MAGA: Inspired by the Holocaust: Stanley Milgram conducted the experiments at Yale to understand how ordinary people could participate in genocide.

  • “Just Following Orders”: The experiment was a direct response to the trial of Adolf Eichmann, aiming to test if Americans would behave similarly under authority.
  • High Obedience Rates: Contrary to predictions that few would comply, a majority of participants continued to the maximum, dangerous voltage.
  • The Power of Context: The study suggested that anyone could act in a “heart of darkness” if placed in the right (or wrong) situation.
  • Replication & Validity: Later studies worldwide confirmed these results, validating that the behavior was not limited to Americans or a specific time period.

And so we got the fucking 130 Jewish Billionaires and millions of Jewish millionaires and the Epstein and Trump and Holly-Dirt and Banker and AI and Tech Fascist classless “class.”

But, then, come on:

  • pickup trucks, MPG 15, and they are all over the roads, and not just some fucking old fucking fart but young folk
  • endless cruise trips, endless backyard Home Depot projects, endless Super Bowl et al parties
  • deer hunting with Duck Dynasty, sure
  • Christian soldiers, book banning, fighting bathroom policies, and 100 million MAGA and some millions in the closet

“Good Germans is an ironic term referring to German citizens during and after World War II who claimed not to have supported the Nazi regime, but remained silent and did not resist in a meaningful way … further used to describe those who claimed ignorance of the Holocaust and German war crimes.”

“Good Genocidaires is an ironic term referring to American citizens during and after the two-year killing spree in Palestine who claim to have voted for Piece/Peace of Shit President but have supported the Nazi regime, i.e., ICE, and the IOF. They have remained lobotomized and fucking consumer-oriented and did not/will not resist in a meaningful way … further used to describe those who claimed ignorance of the Genocide and the Crimes of USA.”

As ye sow, so shall ye reap.
Galations, 6:7

By refusing to acknowledge that most Americans had been bitten by the same bug that afflicted Roosevelt, Lodge, and Beveridge, anti-imperialists were letting the people off the hook and in their own way preserving the American sense of innocence. Unfortunately, the man in the street shared the dreams of world-power status, martial glory, and future wealth that would follow expansion. When the dream soured, the American people neither reacted with very much indignation, nor did they seem to retreat to their cherished political principles. If anything, they seemed to take their cues from their leader in the White House by first putting out of mind all the sordid episodes in the conquest, and then forgetting the entire war itself. The Ghosts of 9-1-1: Reflections on History, Justice and Roosting Chickens

When queried by reporters concerning his views on the assassination of John F. Kennedy in November 1963, Malcolm X famously — and quite charitably, all things considered — replied that it was merely a case of “chickens coming home to roost.”
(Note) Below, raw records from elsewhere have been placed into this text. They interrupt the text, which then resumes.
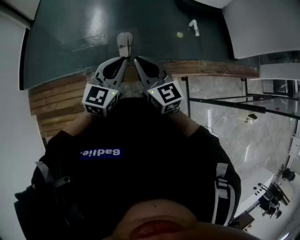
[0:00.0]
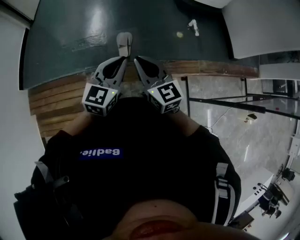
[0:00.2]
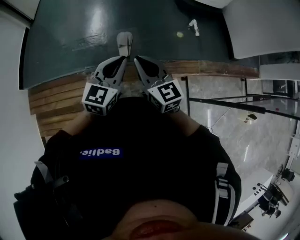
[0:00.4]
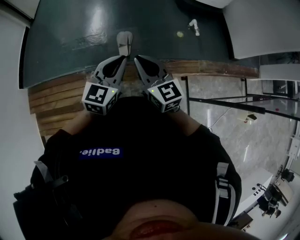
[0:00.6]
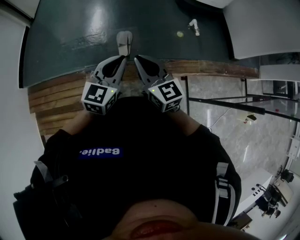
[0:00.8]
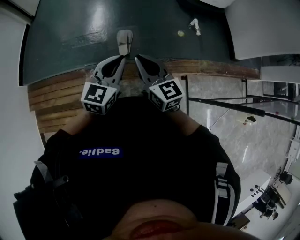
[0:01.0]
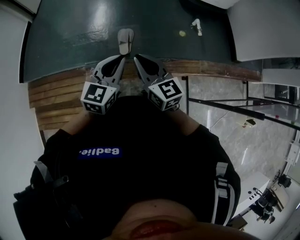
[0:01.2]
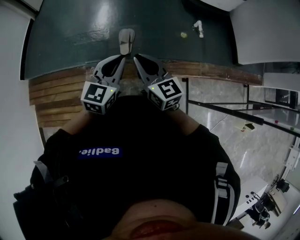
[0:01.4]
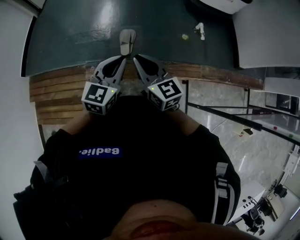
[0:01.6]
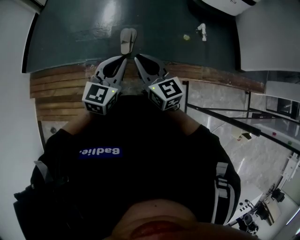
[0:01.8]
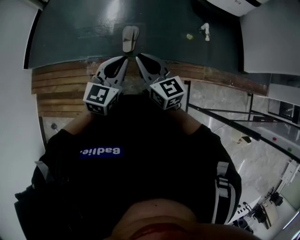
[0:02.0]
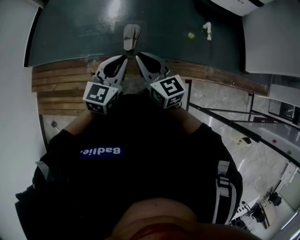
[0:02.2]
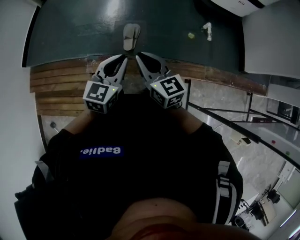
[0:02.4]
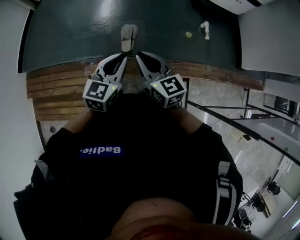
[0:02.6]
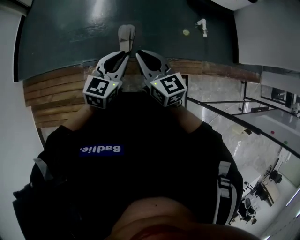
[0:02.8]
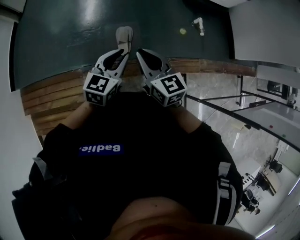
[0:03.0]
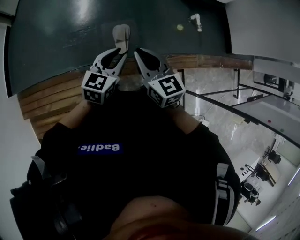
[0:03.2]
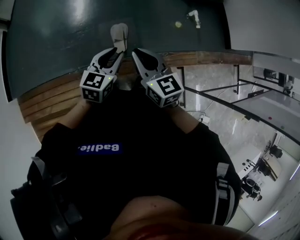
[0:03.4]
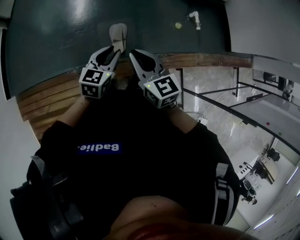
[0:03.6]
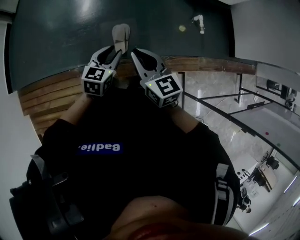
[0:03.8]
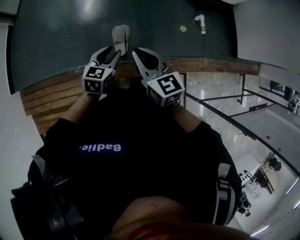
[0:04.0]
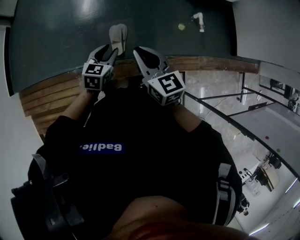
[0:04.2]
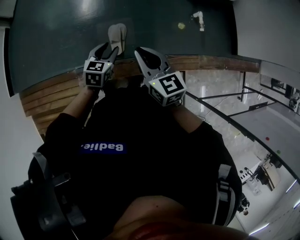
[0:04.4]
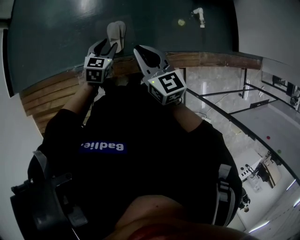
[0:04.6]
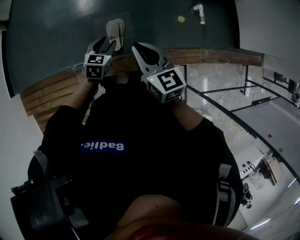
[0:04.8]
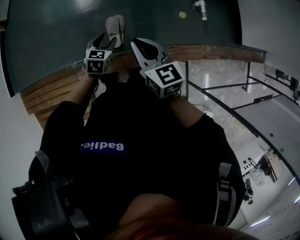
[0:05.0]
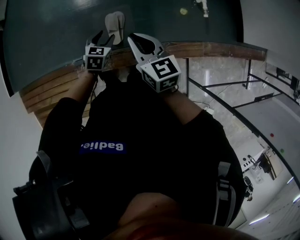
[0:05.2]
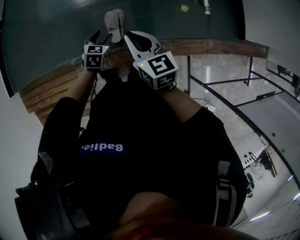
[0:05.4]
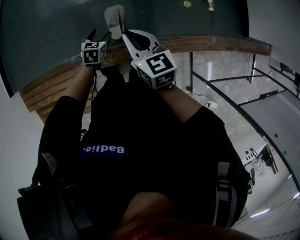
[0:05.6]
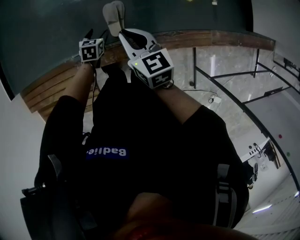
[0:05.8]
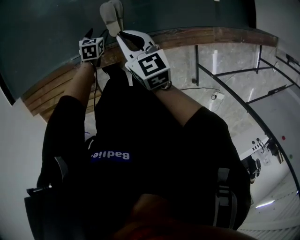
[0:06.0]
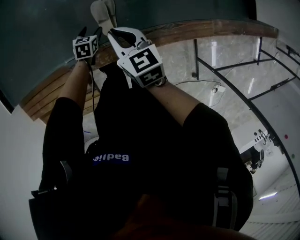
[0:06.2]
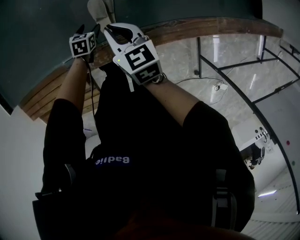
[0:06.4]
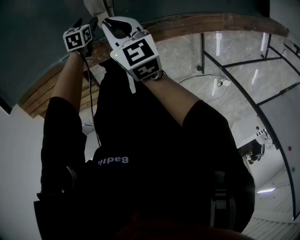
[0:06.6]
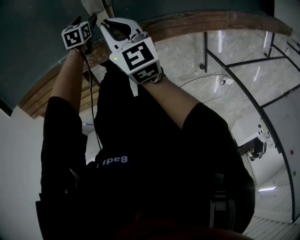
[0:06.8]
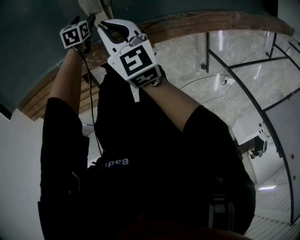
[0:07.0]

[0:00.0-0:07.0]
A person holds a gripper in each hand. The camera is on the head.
0:00.0 to 0:01.4: There are only small adjustments of the grippers.
0:01.4 to 0:02.8: The right gripper heads forward, covering roughly 10 cm. The left gripper shifts about 10 cm forward and downward.
0:02.8 to 0:04.2: The left gripper shifts some 20 cm forward and downward, and opens; the right gripper moves forward, roughly 10 cm.
0:04.2 to 0:05.6: The left gripper shifts roughly 20 cm downward, and opens up. The right gripper moves downward and forward, approximately 10 cm.
0:05.6 to 0:07.0: Both grippers travel together downward, approximately 30 cm.

On the morning of September 11, 2001, a few more chickens — along with some half-million dead Iraqi children — came home to roost in a very big way at the twin towers of New York’s World Trade Center. Well, actually, a few of them seem to have nestled in at the Pentagon as well.

The Iraqi youngsters, all of them under 12, died as a predictable — in fact, widely predicted — result of the 1991 US “surgical” bombing of their country’s water purification and sewage facilities, as well as other “infrastructural” targets upon which Iraq’s civilian population depends for its very survival. [See The Secret Behind the Sanctions — How the U.S. Intentionally Destroyed Iraq’s Water Supply, by Thomas J. Nagy, The Progressive, September 2001.]

If the nature of the bombing were not already bad enough — and it should be noted that this sort of “aerial warfare” constitutes a Class I Crime Against Humanity, entailing myriad gross violations of international law, as well as every conceivable standard of “civilized” behavior [See Sanctions and War on Iraq: In 300 words, by Citizens Concerned for the People of Iraq, 17 Aug 2002] — the death toll has been steadily ratcheted up by US-imposed sanctions for a full decade now [See Iraq Sanctions: Humanitarian Implications and Options for the Future, marking the 12th anniversary of sanctions on Iraq, 8/6/02, and the Campaign Against Sanctions on Iraq, a registered society at the University of Cambridge, England]. Enforced all the while by a massive military presence and periodic bombing raids, the embargo has greatly impaired the victims’ ability to import the nutrients, medicines and other materials necessary to saving the lives of even their toddlers.

All told, Iraq has a population of about 18 million. The 500,000 kids lost to date thus represent something on the order of 25 percent of their age group. Indisputably, the rest have suffered — are still suffering — a combination of physical debilitation and psychological trauma severe enough to prevent their ever fully recovering. In effect, an entire generation has been obliterated.

“There is an element of chaos right now,” said Andrea Bonior, a Georgetown University psychology professor who sees patients in the D.C. area. “A sense of not knowing what’s coming and not being able to control what’s coming is really hard on the stress response.”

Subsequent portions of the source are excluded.